**WHAT TO PRODUCE**
Reproduce exactly the lines below from the one containing "#105=CARTESIAN_POINT('',(4.457,0.6,0.762));" through the one containing "#120=CARTESIAN_POINT('',(-5.427,-2.714,0.248));", including both, and nothing else.

Start of DATA FOR THIS EXERCISE

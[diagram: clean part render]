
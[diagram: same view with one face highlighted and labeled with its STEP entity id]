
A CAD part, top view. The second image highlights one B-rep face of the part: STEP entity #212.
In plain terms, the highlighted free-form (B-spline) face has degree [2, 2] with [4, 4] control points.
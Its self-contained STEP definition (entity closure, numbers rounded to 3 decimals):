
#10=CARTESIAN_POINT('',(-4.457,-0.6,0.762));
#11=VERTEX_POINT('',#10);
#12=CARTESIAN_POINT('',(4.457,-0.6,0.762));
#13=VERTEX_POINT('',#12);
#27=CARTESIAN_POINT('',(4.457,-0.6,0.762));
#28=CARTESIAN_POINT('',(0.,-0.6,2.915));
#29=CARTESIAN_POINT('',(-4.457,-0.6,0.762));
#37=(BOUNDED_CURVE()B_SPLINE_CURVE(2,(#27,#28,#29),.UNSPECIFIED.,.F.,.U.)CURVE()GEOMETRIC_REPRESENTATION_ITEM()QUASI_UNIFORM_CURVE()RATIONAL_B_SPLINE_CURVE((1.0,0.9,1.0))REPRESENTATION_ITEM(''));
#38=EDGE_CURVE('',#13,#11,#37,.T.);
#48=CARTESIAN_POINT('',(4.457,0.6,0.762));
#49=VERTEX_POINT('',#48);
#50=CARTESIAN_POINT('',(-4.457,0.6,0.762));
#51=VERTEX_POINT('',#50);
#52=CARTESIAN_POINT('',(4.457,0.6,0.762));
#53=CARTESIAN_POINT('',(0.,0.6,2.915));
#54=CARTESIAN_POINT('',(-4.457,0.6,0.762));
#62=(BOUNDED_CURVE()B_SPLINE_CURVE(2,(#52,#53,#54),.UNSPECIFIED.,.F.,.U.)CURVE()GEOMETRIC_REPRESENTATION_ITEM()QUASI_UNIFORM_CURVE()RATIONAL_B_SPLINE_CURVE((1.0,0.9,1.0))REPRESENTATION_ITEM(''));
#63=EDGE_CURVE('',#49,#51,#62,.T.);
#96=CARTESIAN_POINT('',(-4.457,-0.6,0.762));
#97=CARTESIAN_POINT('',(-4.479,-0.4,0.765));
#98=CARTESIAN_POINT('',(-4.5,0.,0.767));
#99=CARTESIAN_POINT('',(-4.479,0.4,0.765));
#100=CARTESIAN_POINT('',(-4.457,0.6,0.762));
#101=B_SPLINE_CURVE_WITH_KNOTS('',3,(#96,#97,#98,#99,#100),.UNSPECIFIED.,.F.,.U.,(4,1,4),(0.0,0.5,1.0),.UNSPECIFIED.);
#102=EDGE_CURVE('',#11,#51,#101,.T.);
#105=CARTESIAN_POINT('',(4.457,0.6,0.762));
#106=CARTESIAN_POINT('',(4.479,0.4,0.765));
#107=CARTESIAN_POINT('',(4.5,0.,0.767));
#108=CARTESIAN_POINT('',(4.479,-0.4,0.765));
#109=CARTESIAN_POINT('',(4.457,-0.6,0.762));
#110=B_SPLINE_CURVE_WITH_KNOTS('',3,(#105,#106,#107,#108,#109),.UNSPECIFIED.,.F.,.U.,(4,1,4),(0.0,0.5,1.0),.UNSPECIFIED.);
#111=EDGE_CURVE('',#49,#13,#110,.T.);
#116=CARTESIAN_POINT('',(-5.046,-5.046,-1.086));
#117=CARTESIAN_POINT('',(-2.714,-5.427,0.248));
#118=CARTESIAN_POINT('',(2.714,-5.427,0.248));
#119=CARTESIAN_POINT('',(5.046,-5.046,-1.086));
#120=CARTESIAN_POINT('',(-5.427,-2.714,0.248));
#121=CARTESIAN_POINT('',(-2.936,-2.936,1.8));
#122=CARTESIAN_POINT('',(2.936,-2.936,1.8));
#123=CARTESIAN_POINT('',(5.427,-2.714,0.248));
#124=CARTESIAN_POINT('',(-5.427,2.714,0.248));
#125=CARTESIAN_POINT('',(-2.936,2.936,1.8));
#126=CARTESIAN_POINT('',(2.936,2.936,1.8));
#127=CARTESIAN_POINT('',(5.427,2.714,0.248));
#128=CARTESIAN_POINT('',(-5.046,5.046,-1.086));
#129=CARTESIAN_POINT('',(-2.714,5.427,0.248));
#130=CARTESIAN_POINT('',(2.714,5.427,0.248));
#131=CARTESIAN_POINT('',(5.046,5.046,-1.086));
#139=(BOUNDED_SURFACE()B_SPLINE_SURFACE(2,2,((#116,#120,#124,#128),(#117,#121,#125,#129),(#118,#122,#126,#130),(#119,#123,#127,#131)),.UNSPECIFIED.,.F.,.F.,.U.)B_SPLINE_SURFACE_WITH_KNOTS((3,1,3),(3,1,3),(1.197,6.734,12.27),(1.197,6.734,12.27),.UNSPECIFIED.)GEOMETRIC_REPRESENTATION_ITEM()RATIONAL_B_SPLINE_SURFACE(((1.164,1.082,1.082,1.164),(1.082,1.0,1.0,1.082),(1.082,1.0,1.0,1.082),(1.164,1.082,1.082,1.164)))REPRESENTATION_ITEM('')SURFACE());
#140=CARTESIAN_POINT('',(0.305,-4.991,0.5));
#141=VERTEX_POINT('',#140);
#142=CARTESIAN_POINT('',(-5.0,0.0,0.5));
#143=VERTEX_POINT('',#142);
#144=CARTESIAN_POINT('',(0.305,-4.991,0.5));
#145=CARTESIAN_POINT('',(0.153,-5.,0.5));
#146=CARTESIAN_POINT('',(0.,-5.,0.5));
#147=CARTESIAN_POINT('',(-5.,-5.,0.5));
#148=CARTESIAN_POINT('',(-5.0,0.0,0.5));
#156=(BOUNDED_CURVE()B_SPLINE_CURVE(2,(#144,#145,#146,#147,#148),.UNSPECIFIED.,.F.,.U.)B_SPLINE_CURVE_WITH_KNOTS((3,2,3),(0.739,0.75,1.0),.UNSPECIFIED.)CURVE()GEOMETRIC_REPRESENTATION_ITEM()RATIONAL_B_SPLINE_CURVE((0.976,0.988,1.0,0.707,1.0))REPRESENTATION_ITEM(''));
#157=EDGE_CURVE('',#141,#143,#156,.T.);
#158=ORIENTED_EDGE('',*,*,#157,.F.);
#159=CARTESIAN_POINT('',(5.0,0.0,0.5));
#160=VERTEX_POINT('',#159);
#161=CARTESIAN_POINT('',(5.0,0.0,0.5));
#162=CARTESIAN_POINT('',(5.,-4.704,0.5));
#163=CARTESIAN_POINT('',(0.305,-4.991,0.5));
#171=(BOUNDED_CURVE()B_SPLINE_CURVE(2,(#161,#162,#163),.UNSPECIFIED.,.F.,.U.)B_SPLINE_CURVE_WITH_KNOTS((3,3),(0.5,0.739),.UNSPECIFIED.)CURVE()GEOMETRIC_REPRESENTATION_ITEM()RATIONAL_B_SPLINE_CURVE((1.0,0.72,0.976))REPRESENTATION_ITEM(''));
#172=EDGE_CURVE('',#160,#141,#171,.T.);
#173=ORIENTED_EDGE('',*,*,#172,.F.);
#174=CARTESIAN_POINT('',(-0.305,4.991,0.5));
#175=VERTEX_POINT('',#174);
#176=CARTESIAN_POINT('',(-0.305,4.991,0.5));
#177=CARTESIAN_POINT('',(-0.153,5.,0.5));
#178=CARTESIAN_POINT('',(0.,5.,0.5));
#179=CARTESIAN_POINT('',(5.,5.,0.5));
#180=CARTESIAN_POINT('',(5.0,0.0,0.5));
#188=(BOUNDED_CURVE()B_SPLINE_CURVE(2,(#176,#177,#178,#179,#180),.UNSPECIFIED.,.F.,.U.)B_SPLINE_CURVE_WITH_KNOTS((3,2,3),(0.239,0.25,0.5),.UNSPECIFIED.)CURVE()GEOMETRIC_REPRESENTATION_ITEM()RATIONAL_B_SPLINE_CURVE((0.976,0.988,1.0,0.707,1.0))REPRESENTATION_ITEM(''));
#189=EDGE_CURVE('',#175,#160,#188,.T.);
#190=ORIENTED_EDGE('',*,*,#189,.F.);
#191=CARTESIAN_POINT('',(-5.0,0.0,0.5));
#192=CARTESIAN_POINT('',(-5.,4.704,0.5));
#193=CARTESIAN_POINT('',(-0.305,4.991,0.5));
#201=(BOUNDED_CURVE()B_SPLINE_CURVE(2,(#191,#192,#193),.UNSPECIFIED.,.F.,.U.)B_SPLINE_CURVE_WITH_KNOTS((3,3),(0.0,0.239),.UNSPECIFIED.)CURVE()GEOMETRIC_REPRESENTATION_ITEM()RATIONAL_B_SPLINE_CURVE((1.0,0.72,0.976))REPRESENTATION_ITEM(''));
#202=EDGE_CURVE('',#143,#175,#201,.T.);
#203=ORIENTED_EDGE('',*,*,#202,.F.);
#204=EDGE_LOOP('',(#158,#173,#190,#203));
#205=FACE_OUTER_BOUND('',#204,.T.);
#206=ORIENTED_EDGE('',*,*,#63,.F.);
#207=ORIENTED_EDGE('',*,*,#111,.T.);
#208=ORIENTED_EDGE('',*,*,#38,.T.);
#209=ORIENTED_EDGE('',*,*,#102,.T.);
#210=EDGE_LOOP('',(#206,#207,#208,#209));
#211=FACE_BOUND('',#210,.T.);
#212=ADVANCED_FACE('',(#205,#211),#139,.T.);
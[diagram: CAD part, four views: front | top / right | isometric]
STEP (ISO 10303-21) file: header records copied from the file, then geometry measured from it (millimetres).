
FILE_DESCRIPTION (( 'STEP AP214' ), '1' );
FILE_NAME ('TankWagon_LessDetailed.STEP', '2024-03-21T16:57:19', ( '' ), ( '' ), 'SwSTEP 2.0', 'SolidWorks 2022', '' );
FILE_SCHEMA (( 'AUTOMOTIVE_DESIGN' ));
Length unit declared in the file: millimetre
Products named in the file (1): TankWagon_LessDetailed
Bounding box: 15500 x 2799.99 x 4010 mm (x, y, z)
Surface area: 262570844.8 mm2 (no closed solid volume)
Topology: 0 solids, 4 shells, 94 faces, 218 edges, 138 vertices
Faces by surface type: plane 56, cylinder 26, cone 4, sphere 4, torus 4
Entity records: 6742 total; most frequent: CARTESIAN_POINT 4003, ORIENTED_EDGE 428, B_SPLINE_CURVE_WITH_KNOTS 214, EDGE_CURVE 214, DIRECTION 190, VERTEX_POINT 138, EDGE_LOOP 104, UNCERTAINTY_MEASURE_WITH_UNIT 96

End of DATA FOR THIS EXERCISE

**FINISHED EXERCISE**
#105=CARTESIAN_POINT('',(4.457,0.6,0.762));
#106=CARTESIAN_POINT('',(4.479,0.4,0.765));
#107=CARTESIAN_POINT('',(4.5,0.,0.767));
#108=CARTESIAN_POINT('',(4.479,-0.4,0.765));
#109=CARTESIAN_POINT('',(4.457,-0.6,0.762));
#110=B_SPLINE_CURVE_WITH_KNOTS('',3,(#105,#106,#107,#108,#109),.UNSPECIFIED.,.F.,.U.,(4,1,4),(0.0,0.5,1.0),.UNSPECIFIED.);
#111=EDGE_CURVE('',#49,#13,#110,.T.);
#116=CARTESIAN_POINT('',(-5.046,-5.046,-1.086));
#117=CARTESIAN_POINT('',(-2.714,-5.427,0.248));
#118=CARTESIAN_POINT('',(2.714,-5.427,0.248));
#119=CARTESIAN_POINT('',(5.046,-5.046,-1.086));
#120=CARTESIAN_POINT('',(-5.427,-2.714,0.248));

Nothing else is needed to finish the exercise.